From the above results we can see the **imputation strategies** performs slightly better normal **listwise deletion**. This is because :

- In list wise deletion we are **deleting rows** which contains null values which lwads to a smaller dataset and.A smaller dataset provides less information for the model to learn so model doesnt generalize to new unseen data

- In our data we are reomving values of potentially **young customers** in dataset D so a model trained on this data performs well on older customers but performs poorly when it encounters younger customers as it hasnt seen any data on them which means we potentially making a biased model 

- But imputation stratgies instead of removing the values they tried to retained the original data distribution by filling in missing values and model trained on this data will generally outperform he model that was trained on a smaller, biased dataset.

- Hence **Model D** performs poorly when compared to A,B,C


#### Linear vs Non Linear Imputation 

- By observing the results ,Linear Regression Imputation (Model 2) performed the best.It slightly outperformed **Non-Linear Regression Imputation (Model 3)**.

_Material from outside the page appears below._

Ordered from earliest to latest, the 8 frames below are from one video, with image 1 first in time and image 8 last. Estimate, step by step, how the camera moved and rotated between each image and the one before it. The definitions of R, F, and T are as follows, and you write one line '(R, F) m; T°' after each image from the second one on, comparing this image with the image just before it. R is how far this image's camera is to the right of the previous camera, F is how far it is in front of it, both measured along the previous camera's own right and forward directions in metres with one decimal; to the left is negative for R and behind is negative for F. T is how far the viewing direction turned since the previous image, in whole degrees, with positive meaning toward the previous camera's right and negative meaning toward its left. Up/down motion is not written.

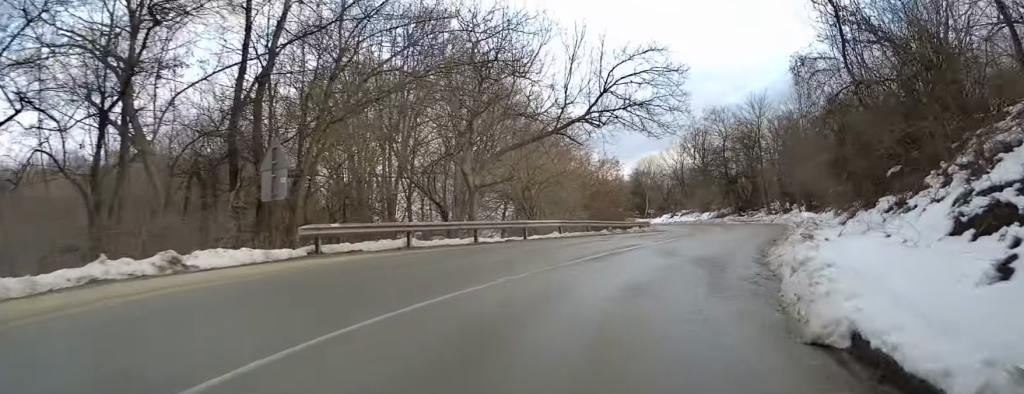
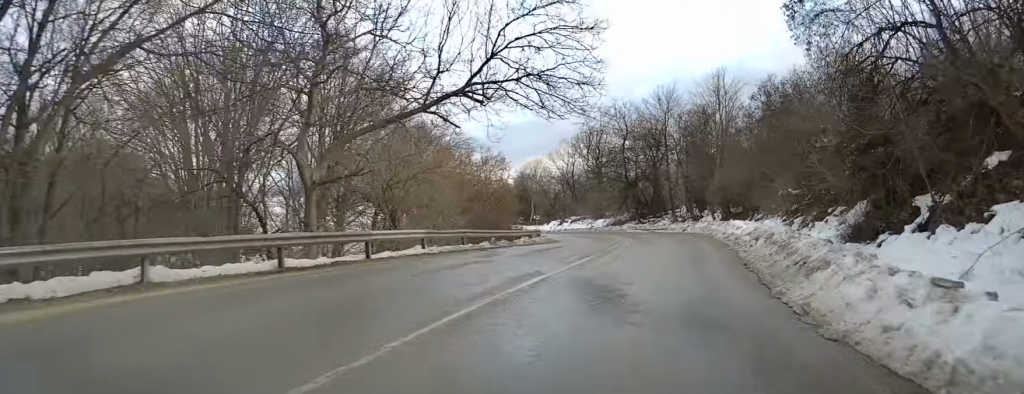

- This suggest that relationship between **PAY_0** a(imputed feature) and other predictors is primarly **linear** which linear regression model is able capture effectively.

- On other hand **KNN** a non linear model may be couldnt able to find any significant non-linear patterns and its added complexity may have introduced noise leading to a slightly lower score.


#### Best Strategy For Handling Missing Data

- In this scenario **Linear Regression Imputation (Model 2)** is recommended as the best strategy.

- Althought it has low accuracy compared to **Model 4** Its high **Recall** and **F1 score** which helps to detect positive cases more effectively which is more important in this case.

- Linear imputation preserves data distribution while capturing the main linear relationships between features, avoiding the bias introduced by listwise deletion or the noise sometimes added by non-linear methods. 

- Hence Linear Regression Imputation is best for this dataset.